*WHAT THE EXERCISE ASKS*: Word for word, restate every record.

(RECORDS FOR THIS EXERCISE Opens)

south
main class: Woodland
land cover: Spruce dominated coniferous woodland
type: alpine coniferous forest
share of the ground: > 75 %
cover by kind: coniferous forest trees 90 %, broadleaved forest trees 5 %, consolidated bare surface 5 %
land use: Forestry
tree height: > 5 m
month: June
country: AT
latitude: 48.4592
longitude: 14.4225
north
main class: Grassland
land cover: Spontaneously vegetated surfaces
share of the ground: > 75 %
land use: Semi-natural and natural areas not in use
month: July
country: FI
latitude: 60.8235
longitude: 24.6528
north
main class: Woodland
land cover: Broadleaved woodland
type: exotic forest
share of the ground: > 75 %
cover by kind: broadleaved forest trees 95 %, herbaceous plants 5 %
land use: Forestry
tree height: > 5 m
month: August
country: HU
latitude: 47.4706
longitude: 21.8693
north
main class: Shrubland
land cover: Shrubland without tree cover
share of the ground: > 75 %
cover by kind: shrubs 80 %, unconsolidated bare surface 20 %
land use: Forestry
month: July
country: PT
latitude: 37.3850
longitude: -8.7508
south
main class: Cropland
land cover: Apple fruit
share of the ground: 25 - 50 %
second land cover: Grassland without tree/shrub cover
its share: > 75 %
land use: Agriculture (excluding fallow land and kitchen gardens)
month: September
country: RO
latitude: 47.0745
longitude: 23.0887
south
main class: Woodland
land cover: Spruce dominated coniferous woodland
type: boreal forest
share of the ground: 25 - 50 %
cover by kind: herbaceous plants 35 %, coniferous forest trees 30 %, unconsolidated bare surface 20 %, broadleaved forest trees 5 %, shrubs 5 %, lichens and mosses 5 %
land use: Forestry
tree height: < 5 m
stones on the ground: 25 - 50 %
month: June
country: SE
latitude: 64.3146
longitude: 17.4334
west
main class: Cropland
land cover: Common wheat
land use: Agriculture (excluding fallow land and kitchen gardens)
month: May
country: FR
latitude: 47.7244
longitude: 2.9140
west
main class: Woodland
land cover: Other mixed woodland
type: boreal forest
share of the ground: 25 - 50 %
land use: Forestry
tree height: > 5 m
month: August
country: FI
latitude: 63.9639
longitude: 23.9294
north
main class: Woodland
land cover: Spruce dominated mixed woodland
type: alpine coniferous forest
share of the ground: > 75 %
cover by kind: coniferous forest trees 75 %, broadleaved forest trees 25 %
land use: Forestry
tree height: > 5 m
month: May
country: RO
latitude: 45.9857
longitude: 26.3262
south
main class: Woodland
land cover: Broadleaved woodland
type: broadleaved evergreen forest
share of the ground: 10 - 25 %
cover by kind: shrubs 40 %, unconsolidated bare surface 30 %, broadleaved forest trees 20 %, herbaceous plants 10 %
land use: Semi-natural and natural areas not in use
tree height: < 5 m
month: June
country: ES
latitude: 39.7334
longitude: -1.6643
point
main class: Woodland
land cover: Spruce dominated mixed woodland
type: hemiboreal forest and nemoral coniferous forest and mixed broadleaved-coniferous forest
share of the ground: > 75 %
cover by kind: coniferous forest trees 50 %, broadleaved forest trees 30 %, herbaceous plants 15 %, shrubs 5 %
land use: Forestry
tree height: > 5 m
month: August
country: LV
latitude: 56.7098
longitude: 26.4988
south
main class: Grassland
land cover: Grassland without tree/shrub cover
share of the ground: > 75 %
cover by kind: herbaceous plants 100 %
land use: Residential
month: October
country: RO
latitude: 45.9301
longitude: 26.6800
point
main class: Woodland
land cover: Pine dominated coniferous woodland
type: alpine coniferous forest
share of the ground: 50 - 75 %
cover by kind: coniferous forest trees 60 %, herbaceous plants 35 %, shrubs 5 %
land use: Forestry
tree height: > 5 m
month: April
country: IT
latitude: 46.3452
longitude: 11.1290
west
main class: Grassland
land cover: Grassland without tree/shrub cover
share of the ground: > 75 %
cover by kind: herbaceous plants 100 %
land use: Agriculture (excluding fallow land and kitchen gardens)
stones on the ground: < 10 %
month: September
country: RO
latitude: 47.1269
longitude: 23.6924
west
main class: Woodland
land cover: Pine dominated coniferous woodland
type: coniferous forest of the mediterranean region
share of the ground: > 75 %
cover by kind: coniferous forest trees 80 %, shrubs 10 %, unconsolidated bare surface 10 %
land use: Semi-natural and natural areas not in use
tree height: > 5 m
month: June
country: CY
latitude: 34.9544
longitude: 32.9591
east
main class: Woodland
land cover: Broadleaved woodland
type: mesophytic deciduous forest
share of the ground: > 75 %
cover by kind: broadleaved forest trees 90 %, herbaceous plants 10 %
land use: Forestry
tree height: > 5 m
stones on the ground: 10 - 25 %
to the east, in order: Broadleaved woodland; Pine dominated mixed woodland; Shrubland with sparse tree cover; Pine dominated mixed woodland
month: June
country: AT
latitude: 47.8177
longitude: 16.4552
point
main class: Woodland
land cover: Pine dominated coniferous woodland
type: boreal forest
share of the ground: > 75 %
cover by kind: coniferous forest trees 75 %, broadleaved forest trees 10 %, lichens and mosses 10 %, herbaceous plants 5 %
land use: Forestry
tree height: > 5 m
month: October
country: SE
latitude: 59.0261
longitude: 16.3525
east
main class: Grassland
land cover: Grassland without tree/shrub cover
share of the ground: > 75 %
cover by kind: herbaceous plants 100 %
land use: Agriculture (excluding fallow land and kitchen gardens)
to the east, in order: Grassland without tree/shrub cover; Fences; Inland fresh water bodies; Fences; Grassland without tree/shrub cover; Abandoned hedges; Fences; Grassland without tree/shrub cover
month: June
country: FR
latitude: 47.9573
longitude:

(RECORDS FOR THIS EXERCISE Closes)

*OUTPUT OF THE TASK*:
south
main class: Woodland
land cover: Spruce dominated coniferous woodland
type: alpine coniferous forest
share of the ground: > 75 %
cover by kind: coniferous forest trees 90 %, broadleaved forest trees 5 %, consolidated bare surface 5 %
land use: Forestry
tree height: > 5 m
month: June
country: AT
latitude: 48.4592
longitude: 14.4225
north
main class: Grassland
land cover: Spontaneously vegetated surfaces
share of the ground: > 75 %
land use: Semi-natural and natural areas not in use
month: July
country: FI
latitude: 60.8235
longitude: 24.6528
north
main class: Woodland
land cover: Broadleaved woodland
type: exotic forest
share of the ground: > 75 %
cover by kind: broadleaved forest trees 95 %, herbaceous plants 5 %
land use: Forestry
tree height: > 5 m
month: August
country: HU
latitude: 47.4706
longitude: 21.8693
north
main class: Shrubland
land cover: Shrubland without tree cover
share of the ground: > 75 %
cover by kind: shrubs 80 %, unconsolidated bare surface 20 %
land use: Forestry
month: July
country: PT
latitude: 37.3850
longitude: -8.7508
south
main class: Cropland
land cover: Apple fruit
share of the ground: 25 - 50 %
second land cover: Grassland without tree/shrub cover
its share: > 75 %
land use: Agriculture (excluding fallow land and kitchen gardens)
month: September
country: RO
latitude: 47.0745
longitude: 23.0887
south
main class: Woodland
land cover: Spruce dominated coniferous woodland
type: boreal forest
share of the ground: 25 - 50 %
cover by kind: herbaceous plants 35 %, coniferous forest trees 30 %, unconsolidated bare surface 20 %, broadleaved forest trees 5 %, shrubs 5 %, lichens and mosses 5 %
land use: Forestry
tree height: < 5 m
stones on the ground: 25 - 50 %
month: June
country: SE
latitude: 64.3146
longitude: 17.4334
west
main class: Cropland
land cover: Common wheat
land use: Agriculture (excluding fallow land and kitchen gardens)
month: May
country: FR
latitude: 47.7244
longitude: 2.9140
west
main class: Woodland
land cover: Other mixed woodland
type: boreal forest
share of the ground: 25 - 50 %
land use: Forestry
tree height: > 5 m
month: August
country: FI
latitude: 63.9639
longitude: 23.9294
north
main class: Woodland
land cover: Spruce dominated mixed woodland
type: alpine coniferous forest
share of the ground: > 75 %
cover by kind: coniferous forest trees 75 %, broadleaved forest trees 25 %
land use: Forestry
tree height: > 5 m
month: May
country: RO
latitude: 45.9857
longitude: 26.3262
south
main class: Woodland
land cover: Broadleaved woodland
type: broadleaved evergreen forest
share of the ground: 10 - 25 %
cover by kind: shrubs 40 %, unconsolidated bare surface 30 %, broadleaved forest trees 20 %, herbaceous plants 10 %
land use: Semi-natural and natural areas not in use
tree height: < 5 m
month: June
country: ES
latitude: 39.7334
longitude: -1.6643
point
main class: Woodland
land cover: Spruce dominated mixed woodland
type: hemiboreal forest and nemoral coniferous forest and mixed broadleaved-coniferous forest
share of the ground: > 75 %
cover by kind: coniferous forest trees 50 %, broadleaved forest trees 30 %, herbaceous plants 15 %, shrubs 5 %
land use: Forestry
tree height: > 5 m
month: August
country: LV
latitude: 56.7098
longitude: 26.4988
south
main class: Grassland
land cover: Grassland without tree/shrub cover
share of the ground: > 75 %
cover by kind: herbaceous plants 100 %
land use: Residential
month: October
country: RO
latitude: 45.9301
longitude: 26.6800
point
main class: Woodland
land cover: Pine dominated coniferous woodland
type: alpine coniferous forest
share of the ground: 50 - 75 %
cover by kind: coniferous forest trees 60 %, herbaceous plants 35 %, shrubs 5 %
land use: Forestry
tree height: > 5 m
month: April
country: IT
latitude: 46.3452
longitude: 11.1290
west
main class: Grassland
land cover: Grassland without tree/shrub cover
share of the ground: > 75 %
cover by kind: herbaceous plants 100 %
land use: Agriculture (excluding fallow land and kitchen gardens)
stones on the ground: < 10 %
month: September
country: RO
latitude: 47.1269
longitude: 23.6924
west
main class: Woodland
land cover: Pine dominated coniferous woodland
type: coniferous forest of the mediterranean region
share of the ground: > 75 %
cover by kind: coniferous forest trees 80 %, shrubs 10 %, unconsolidated bare surface 10 %
land use: Semi-natural and natural areas not in use
tree height: > 5 m
month: June
country: CY
latitude: 34.9544
longitude: 32.9591
east
main class: Woodland
land cover: Broadleaved woodland
type: mesophytic deciduous forest
share of the ground: > 75 %
cover by kind: broadleaved forest trees 90 %, herbaceous plants 10 %
land use: Forestry
tree height: > 5 m
stones on the ground: 10 - 25 %
to the east, in order: Broadleaved woodland; Pine dominated mixed woodland; Shrubland with sparse tree cover; Pine dominated mixed woodland
month: June
country: AT
latitude: 47.8177
longitude: 16.4552
point
main class: Woodland
land cover: Pine dominated coniferous woodland
type: boreal forest
share of the ground: > 75 %
cover by kind: coniferous forest trees 75 %, broadleaved forest trees 10 %, lichens and mosses 10 %, herbaceous plants 5 %
land use: Forestry
tree height: > 5 m
month: October
country: SE
latitude: 59.0261
longitude: 16.3525
east
main class: Grassland
land cover: Grassland without tree/shrub cover
share of the ground: > 75 %
cover by kind: herbaceous plants 100 %
land use: Agriculture (excluding fallow land and kitchen gardens)
to the east, in order: Grassland without tree/shrub cover; Fences; Inland fresh water bodies; Fences; Grassland without tree/shrub cover; Abandoned hedges; Fences; Grassland without tree/shrub cover
month: June
country: FR
latitude: 47.9573
longitude:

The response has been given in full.